"list assignment index out of range" in python
Done statement: List assignment is performed safely and any encountered errors are reported for future debugging.
We had a large number of nodes crash on MDC around the same time, with some variant of the following error:
Py3:
10.9.1.149 - - [27/Jan/2023 06:43:28] "GET /latency_history.txt HTTP/1.1" 200 49002
IndexError: list assignment index out of range
The above exception was the direct cause of the following exception:
Traceback (most recent call last):
File "/usr/spiir/lib/python3.8/site-packages/gstlal/pipeparts/sink.py", line 425, in new_sample_handler
return self.pull_buffers(elem)
File "/usr/spiir/lib/python3.8/site-packages/gstlal/pipeparts/sink.py", line 464, in pull_buffers
self.appsink_new_buffer(elem_with_oldest)

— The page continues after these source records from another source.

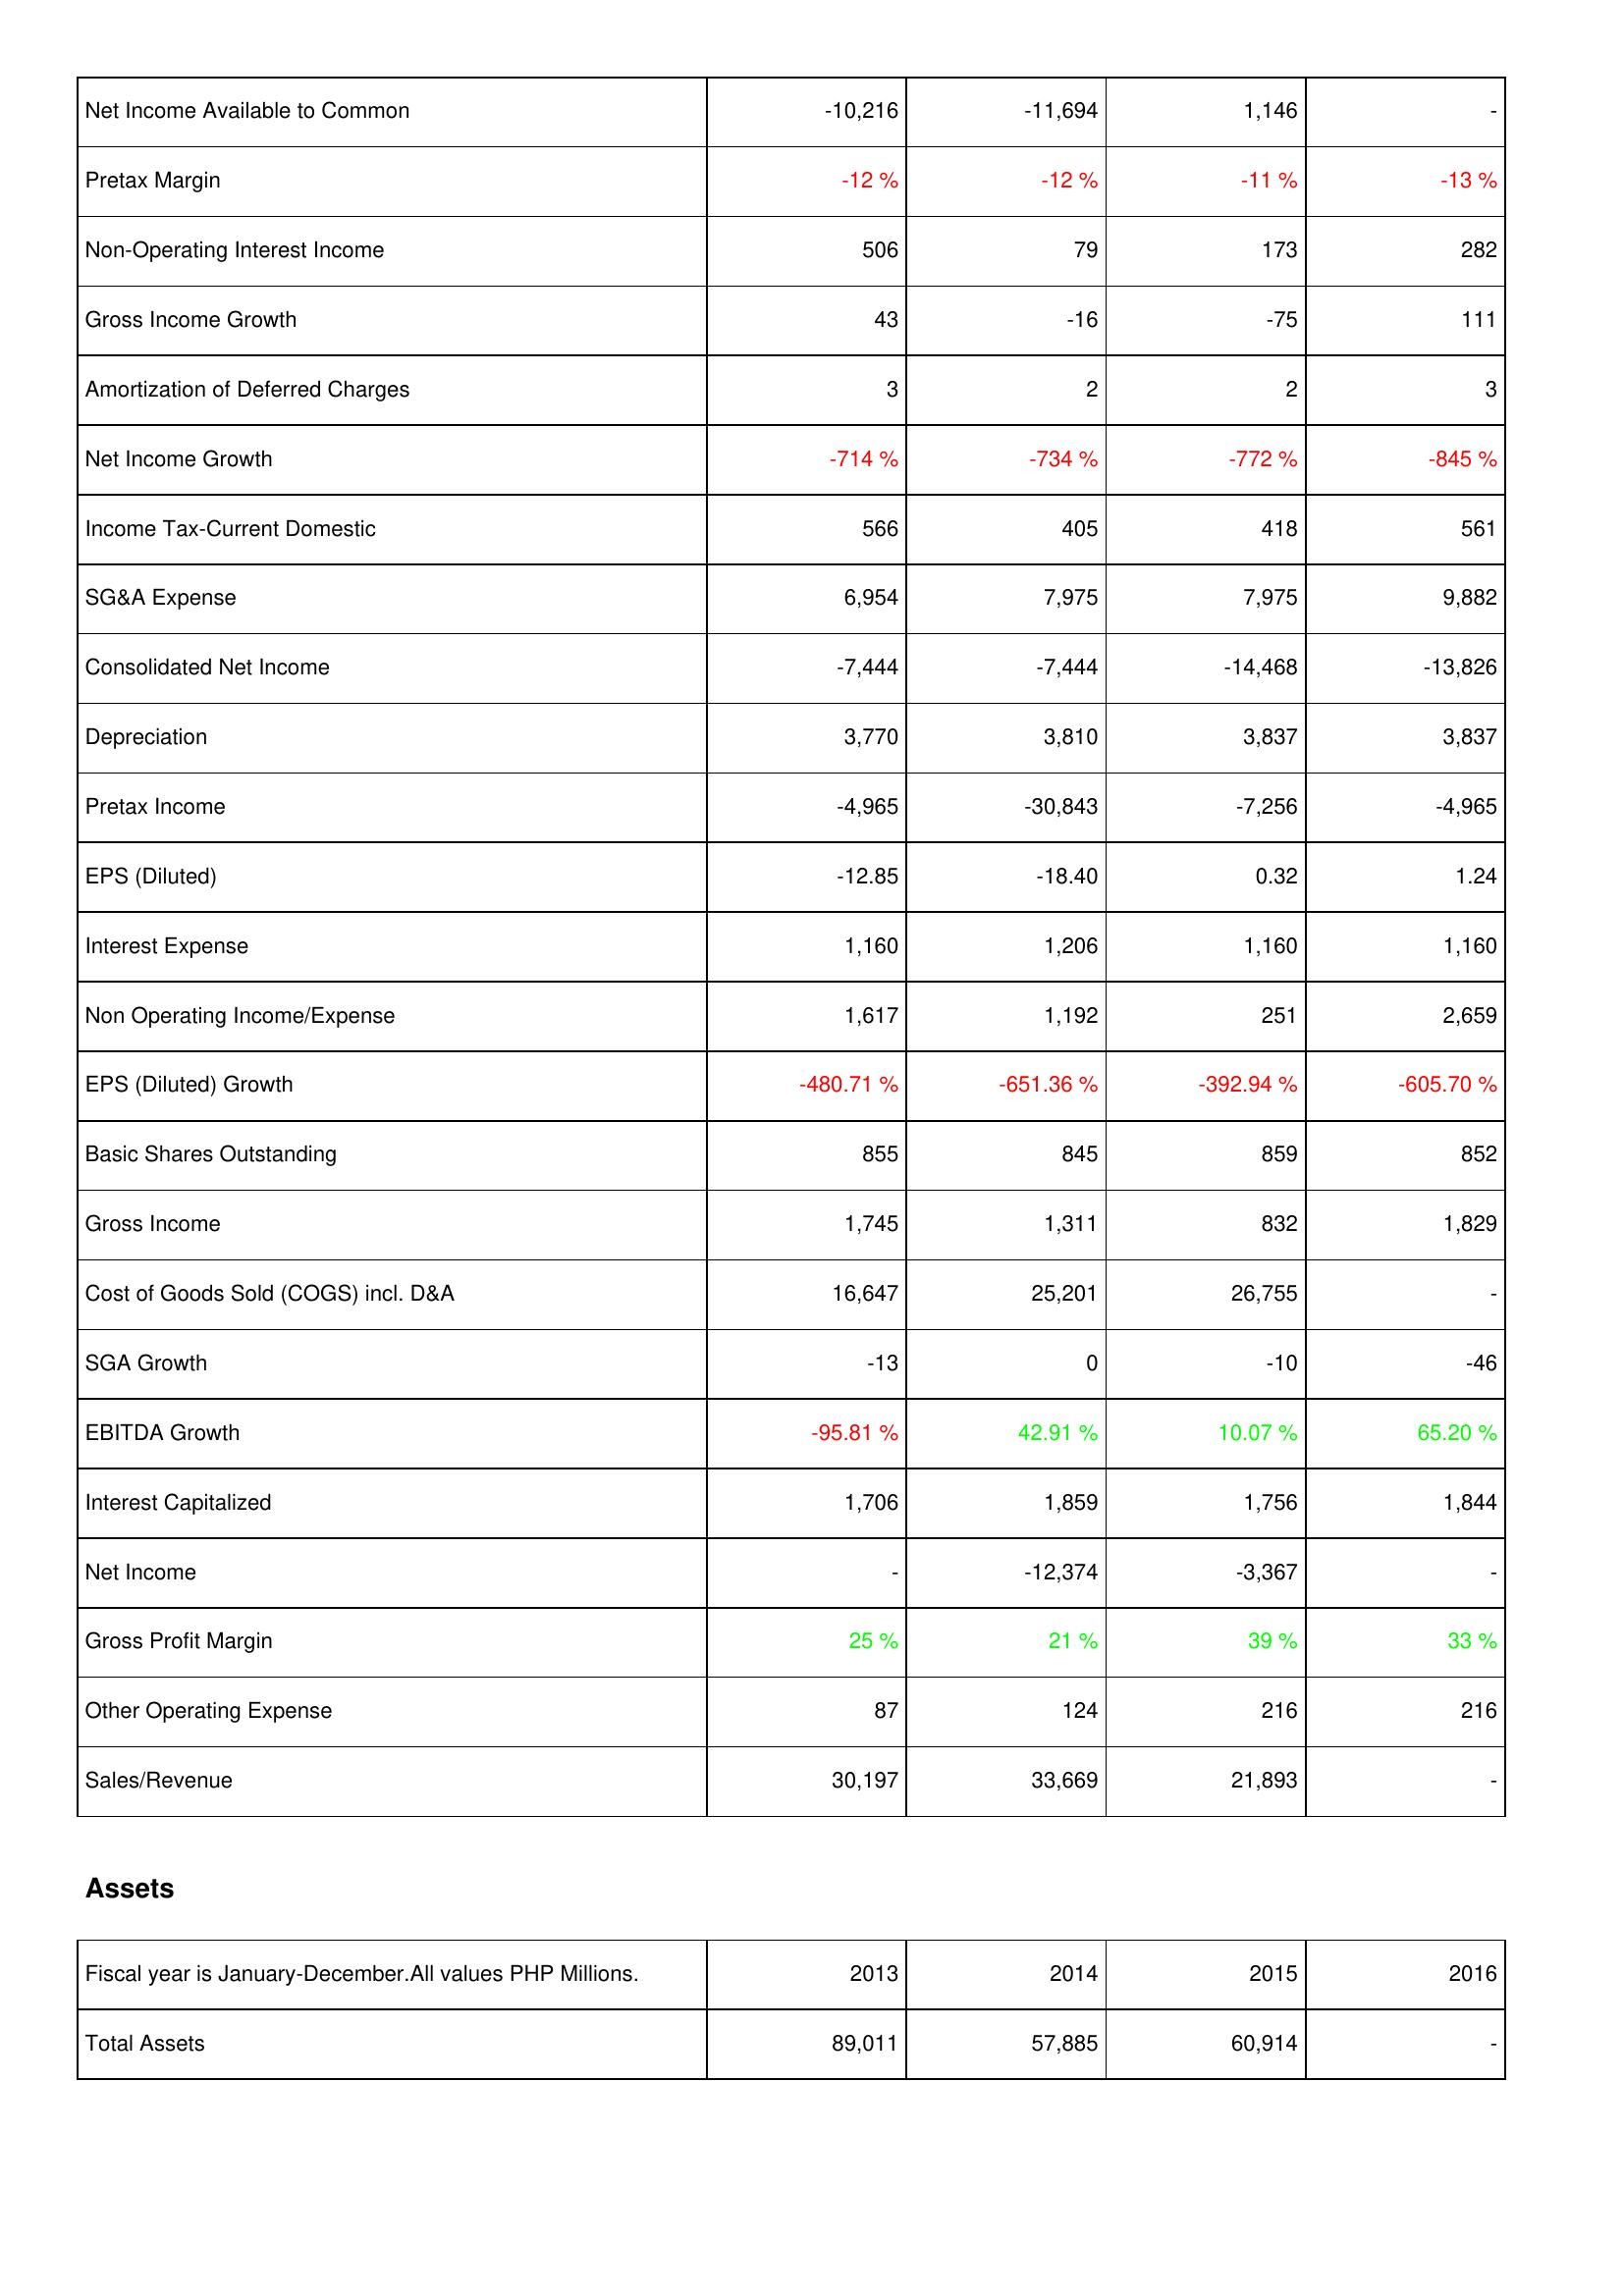
2013: Income Statement: Net Income Available to Common: -10,216
Pretax Margin: -12 %
Non-Operating Interest Income: 506
Gross Income Growth: 43
Amortization of Deferred Charges: 3
Net Income Growth: -714 %
Income Tax-Current Domestic: 566
SG&A Expense: 6,954
Consolidated Net Income: -7,444
Depreciation: 3,770
Pretax Income: -4,965
EPS (Diluted): -12.85
Interest Expense: 1,160
Non Operating Income/Expense: 1,617
EPS (Diluted) Growth: -480.71 %
Basic Shares Outstanding: 855
Gross Income: 1,745
Cost of Goods Sold (COGS) incl. D&A: 16,647
SGA Growth: -13
EBITDA Growth: -95.81 %
Interest Capitalized: 1,706
Net Income: -
Gross Profit Margin: 25 %
Other Operating Expense: 87
Sales/Revenue: 30,197
Assets: Total Assets: 89,011
2014: Income Statement: Net Income Available to Common: -11,694
Pretax Margin: -12 %
Non-Operating Interest Income: 79
Gross Income Growth: -16
Amortization of Deferred Charges: 2
Net Income Growth: -734 %
Income Tax-Current Domestic: 405
SG&A Expense: 7,975
Consolidated Net Income: -7,444
Depreciation: 3,810
Pretax Income: -30,843
EPS (Diluted): -18.40
Interest Expense: 1,206
Non Operating Income/Expense: 1,192
EPS (Diluted) Growth: -651.36 %
Basic Shares Outstanding: 845
Gross Income: 1,311
Cost of Goods Sold (COGS) incl. D&A: 25,201
SGA Growth: 0
EBITDA Growth: 42.91 %
Interest Capitalized: 1,859
Net Income: -12,374
Gross Profit Margin: 21 %
Other Operating Expense: 124
Sales/Revenue: 33,669
Assets: Total Assets: 57,885
2015: Income Statement: Net Income Available to Common: 1,146
Pretax Margin: -11 %
Non-Operating Interest Income: 173
Gross Income Growth: -75
Amortization of Deferred Charges: 2
Net Income Growth: -772 %
Income Tax-Current Domestic: 418
SG&A Expense: 7,975
Consolidated Net Income: -14,468
Depreciation: 3,837
Pretax Income: -7,256
EPS (Diluted): 0.32
Interest Expense: 1,160
Non Operating Income/Expense: 251
EPS (Diluted) Growth: -392.94 %
Basic Shares Outstanding: 859
Gross Income: 832
Cost of Goods Sold (COGS) incl. D&A: 26,755
SGA Growth: -10
EBITDA Growth: 10.07 %
Interest Capitalized: 1,756
Net Income: -3,367
Gross Profit Margin: 39 %
Other Operating Expense: 216
Sales/Revenue: 21,893
Assets: Total Assets: 60,914
2016: Income Statement: Net Income Available to Common: -
Pretax Margin: -13 %
Non-Operating Interest Income: 282
Gross Income Growth: 111
Amortization of Deferred Charges: 3
Net Income Growth: -845 %
Income Tax-Current Domestic: 561
SG&A Expense: 9,882
Consolidated Net Income: -13,826
Depreciation: 3,837
Pretax Income: -4,965
EPS (Diluted): 1.24
Interest Expense: 1,160
Non Operating Income/Expense: 2,659
EPS (Diluted) Growth: -605.70 %
Basic Shares Outstanding: 852
Gross Income: 1,829
Cost of Goods Sold (COGS) incl. D&A: -
SGA Growth: -46
EBITDA Growth: 65.20 %
Interest Capitalized: 1,844
Net Income: -
Gross Profit Margin: 33 %
Other Operating Expense: 216
Sales/Revenue: -
Assets: Total Assets: -

File "/usr/spiir/lib/python3.8/site-packages/gstlal_spiir/pipemodules/postcoh_finalsink.py", line 642, in appsink_new_buffer
newevents = postcohtable.from_buffer(mapinfo.data.tobytes())
SystemError: <built-in function from_buffer> returned a result with an error set
Py2:
Traceback (most recent call last):
50500 File "/usr/spiir/lib/python2.7/site-packages/gstlal/pipeparts/__init__.py", line 813, in appsink_handler
50501 self.appsink_new_buffer(elem_with_oldest)
50502 File "/usr/spiir/lib/python2.7/site-packages/gstlal/pipemodules/postcoh_finalsink.py", line 606, in appsink_new_buffer
50503 newevents[0].postcoh_inspiral.ifos)
50504 File "/usr/spiir/lib/python2.7/site-packages/gstlal/pipemodules/postcohtable/postcohtable.py", line 71, in __getattribute__
50505 for ifo_id, ifo in enumerate(pipe_macro.IFO_MAP):
50506 IndexError: list assignment index out of range
Although the py2 version gives a specific line, it has nothing to do with list assignment (though a following line does), and it's an extremely frequently used line. So our best guess is that there's something asynchronous going on. Postcohtable is producing an error, as in py3, and py2 is reporting the wrong stack trace.
The only place we do list assignment in _postcohtable.c
is on the list of postcohtriggers, and each trigger's list of snr_series. snr_series is a likely culprit, since it sets its length based on the ifos
string, but sets each element based on which snr series are not null.
Even if we can't track down the exact error, we should make sure all list assignment is safe, and if something unexpected happens, that we record a meaningful error.